- **DESCRIPTION OF THE TASK**
Copy the records that follow exactly as written, but not their pictures.

Stored dataset items:

....

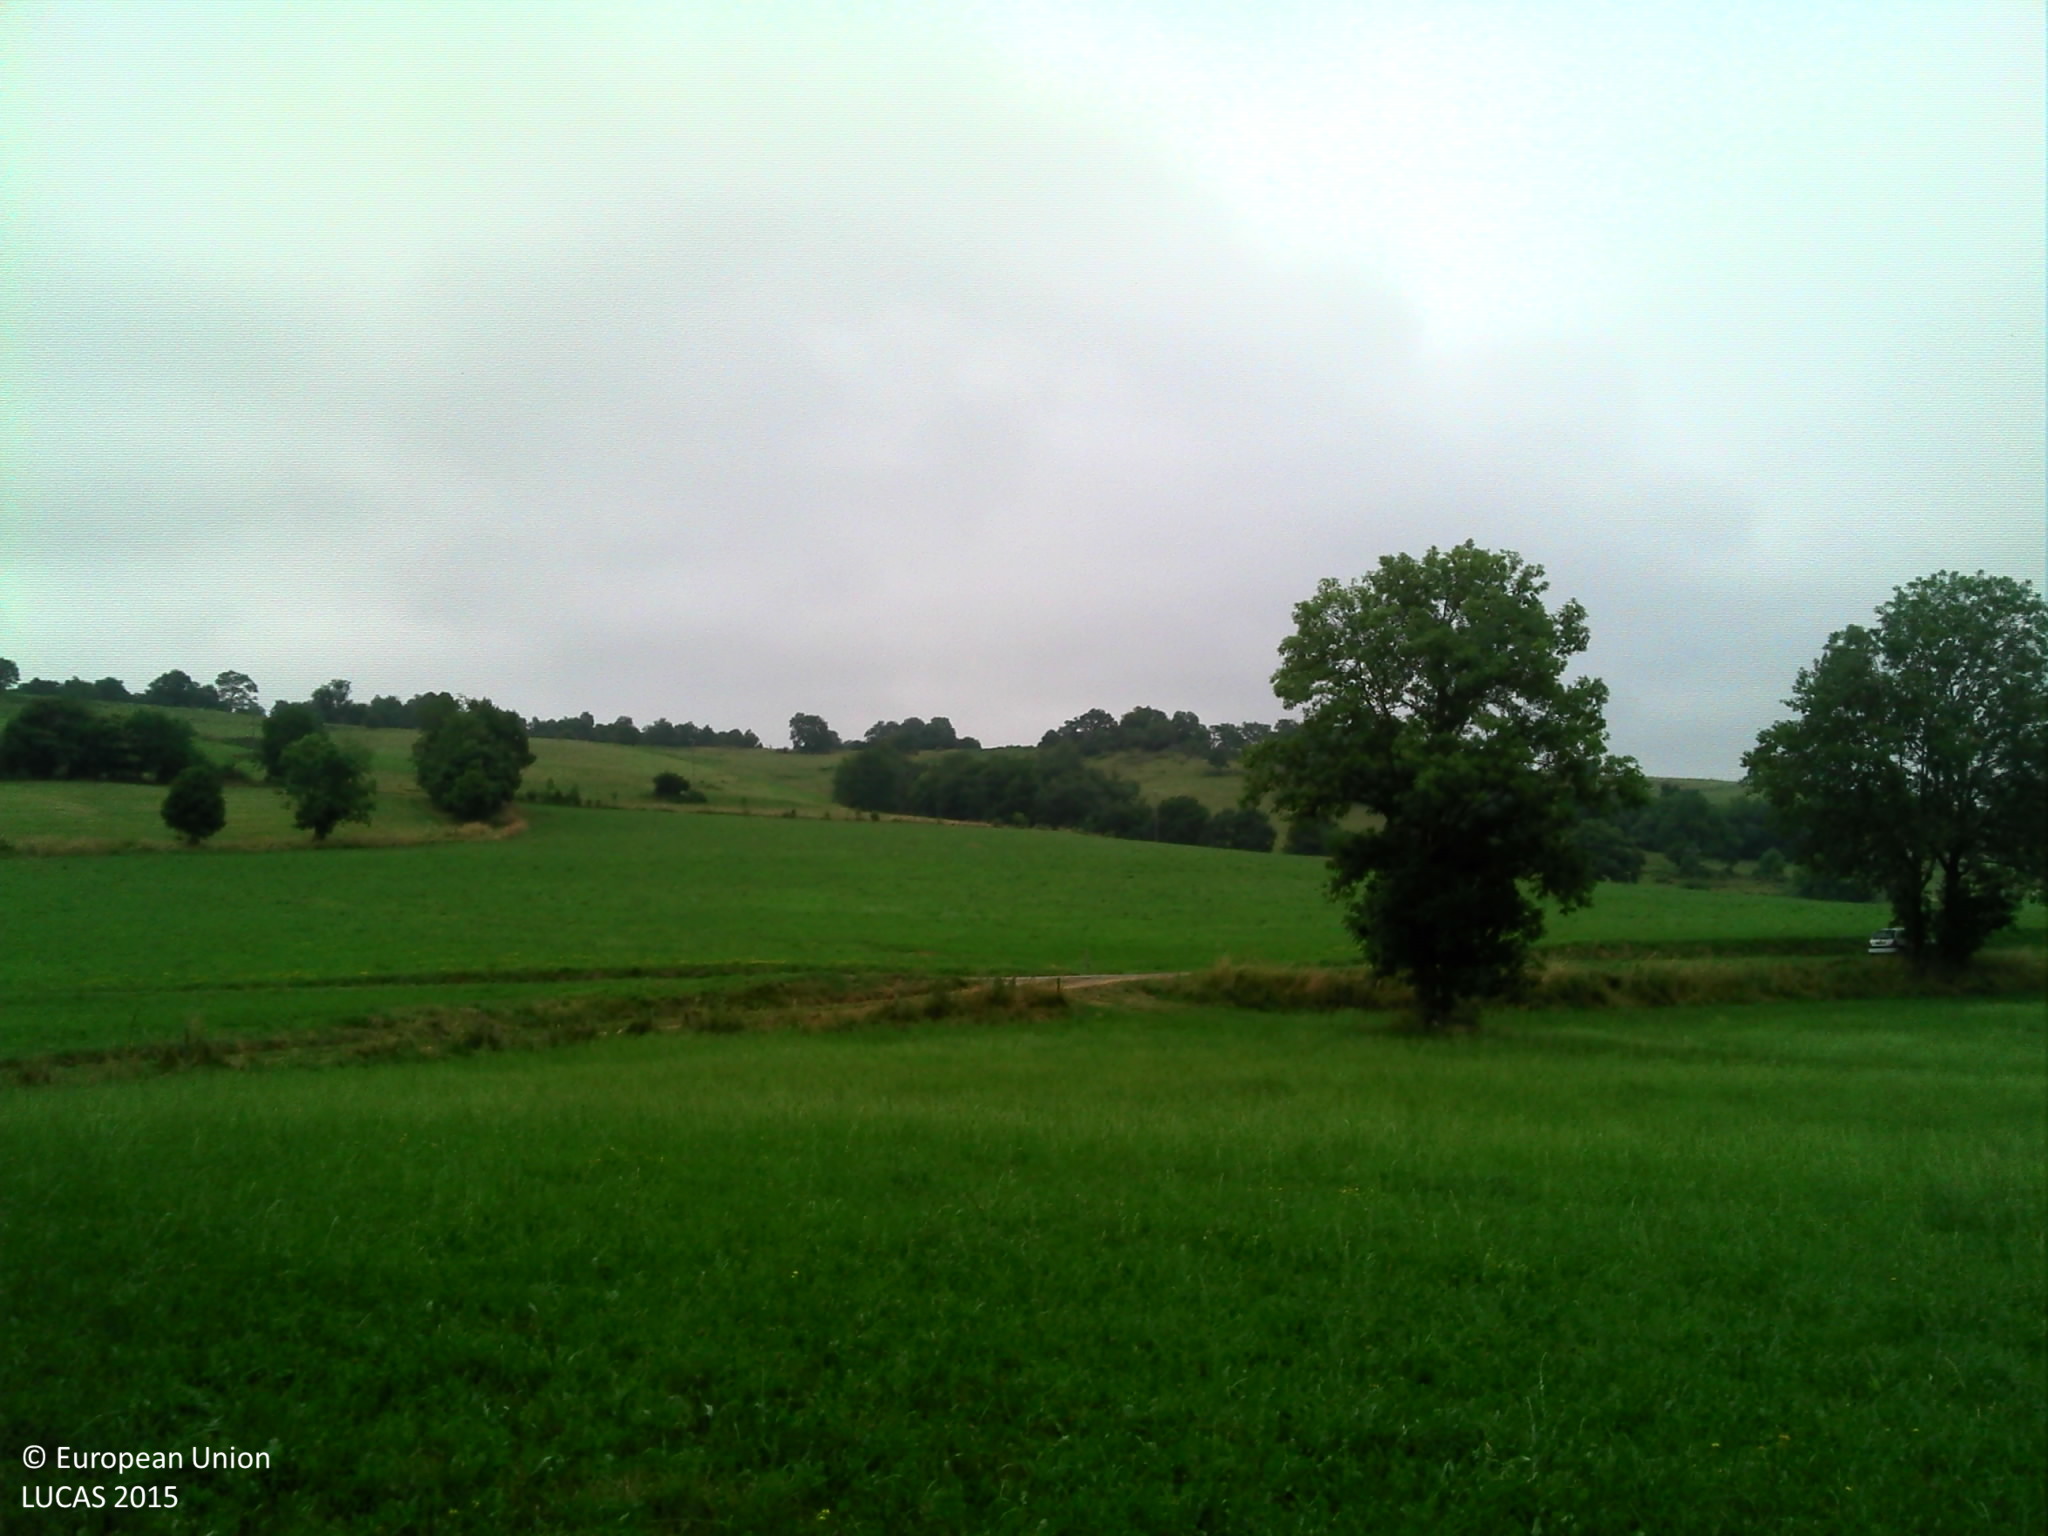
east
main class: Cropland
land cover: Temporary grasslands
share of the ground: > 75 %
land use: Agriculture (excluding fallow land and kitchen gardens)
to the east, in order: Temporary grasslands; Abandoned hedges; Temporary grasslands; Fences; Tracks; Paved roads, cycling and walking lanes; Temporary grasslands
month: July
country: FR
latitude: 43.0340
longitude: 1.4266

....

- **TASK ANSWER**
east
main class: Cropland
land cover: Temporary grasslands
share of the ground: > 75 %
land use: Agriculture (excluding fallow land and kitchen gardens)
to the east, in order: Temporary grasslands; Abandoned hedges; Temporary grasslands; Fences; Tracks; Paved roads, cycling and walking lanes; Temporary grasslands
month: July
country: FR
latitude: 43.0340
longitude: 1.4266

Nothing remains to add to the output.